実際の流れや必要な手続きは、現在の制度と見直し内容によって異なります。
見直しの際に準備しておきたい資料
相談の際に、次のような資料があると現在の状況を整理しやすくなります。
- 就業規則
- 退職金規程
- 賃金規程
- 現在の退職金計算表
- 過去の制度変更に関する資料
- 従業員の年齢・勤続年数などがわかる資料
- 過去の退職金支給実績
- DB、DC、中退共などの制度資料
- 保険契約など退職金原資に関する資料
- 従業員向けに配布している説明資料
すべての資料がそろっていなくても相談できる場合があります。まずは手元にある資料を確認し、不足している情報を整理するところから始めます。
社会保険労務士に相談できる主な内容
退職金制度の見直しに対応する社会保険労務士には、例えば次のような内容を相談できます。
- 現在の退職金制度や退職金規程の確認
- 規程と実際の運用の整理
- 制度上・運用上の課題の確認
- 将来の退職金負担に関する整理
- 退職金計算方法の見直し
- DB、企業型DC、中退共などへの移行・併用の検討
- 自社制度と外部制度の組み合わせの検討
- 退職金規程や就業規則の改定
- 制度変更時の移行措置の検討
- 従業員向け説明資料の作成や説明支援
- 見直し後の制度運用に関する支援
対応できる制度や支援範囲は、社会保険労務士によって異なります。各プロフィールや対応内容を確認して相談先をお選びください。
社会保険労務士を選ぶ際のポイント
退職金制度の見直しについて相談する際は、次のような点を確認するとよいでしょう。
- 現在利用している制度に対応しているか
- 退職金規程や就業規則の確認に対応しているか
- 現状分析から相談できるか
- 複数の見直し案を比較できるか
- 従業員への影響や移行措置まで検討できるか
- 従業員説明に対応しているか
- 見直し後の運用支援にも対応しているか
- 自社に近い規模や業種への対応経験があるか
- 支援範囲や費用が明確に示されているか
制度変更に関する法的な判断が必要な場合に、弁護士など他の専門家と連携できるかも確認しておきたい点です。
よくある質問
見直しを相談すると、必ず制度を変更することになりますか?
いいえ。まず現在の制度と運用状況を確認し、見直しが必要かどうかを整理します。確認した結果、現在の制度を維持し、一部の規程や運用だけを整える場合もあります。
退職金規程だけを確認してもらうことはできますか?
退職金規程の確認に対応する社会保険労務士も掲載しています。ただし、規程だけでは判断できないこともあるため、実際の計算方法や運用状況について確認が必要になる場合があります。

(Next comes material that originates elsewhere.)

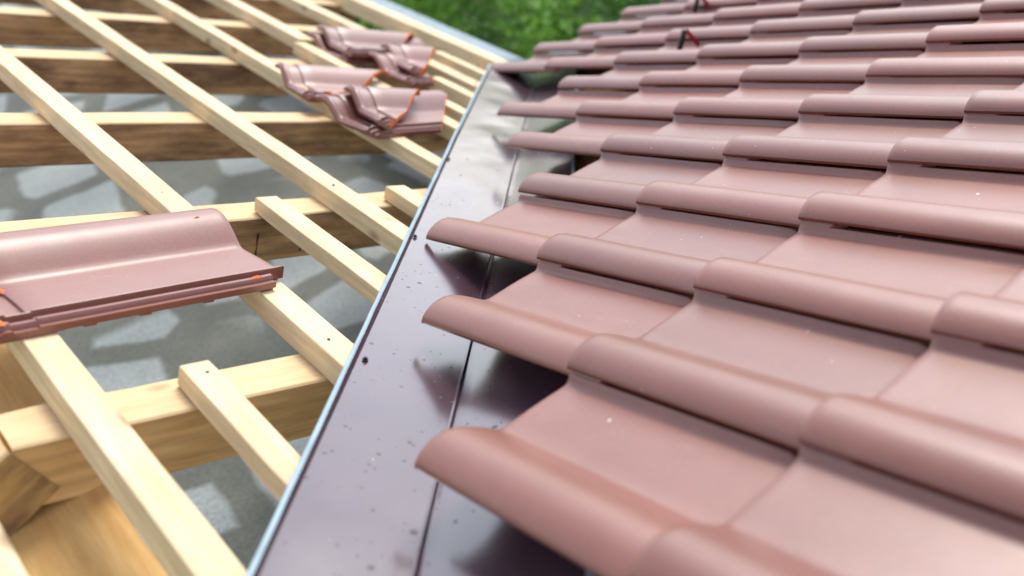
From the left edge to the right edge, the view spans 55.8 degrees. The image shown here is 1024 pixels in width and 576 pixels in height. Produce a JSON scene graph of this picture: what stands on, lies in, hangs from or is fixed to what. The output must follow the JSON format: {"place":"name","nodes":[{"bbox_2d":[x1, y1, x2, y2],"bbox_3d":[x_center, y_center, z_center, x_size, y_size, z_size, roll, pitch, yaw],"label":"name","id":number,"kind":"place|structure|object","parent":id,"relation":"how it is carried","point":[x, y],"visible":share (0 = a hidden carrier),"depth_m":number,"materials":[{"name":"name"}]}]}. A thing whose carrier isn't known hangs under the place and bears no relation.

会社の負担が大きいため、退職金を減らすことはできますか?
制度変更の検討自体は可能ですが、従業員に不利益となる変更には慎重な判断が必要です。変更の必要性や合理性、従業員への影響、説明や移行措置などを含めて検討します。
DB、DC、中退共などへ変更できますか?
現在の制度や会社の状況によっては、外部制度への移行や併用を検討できます。ただし、制度ごとに要件や手続きが異なり、既存制度との調整も必要です。
制度を変更する場合、従業員への説明は必要ですか?
変更内容によっては、従業員への丁寧な説明や意見聴取などが重要になります。変更の理由、内容、適用時期、従業員への影響を整理して伝える必要があります。
相談したら必ず契約しなければなりませんか?
相談後に支援内容、進め方、費用などを確認し、依頼するかどうかをご判断ください。契約する場合は、相談者と担当する社会保険労務士との直接契約となります。
退職金制度の見直しについて相談先を探す
退職金制度の見直しは、単に制度を変更することではありません。
現在の制度と運用状況を確認し、会社の将来と従業員への影響を踏まえながら、維持する部分と整える部分を見極めることが大切です。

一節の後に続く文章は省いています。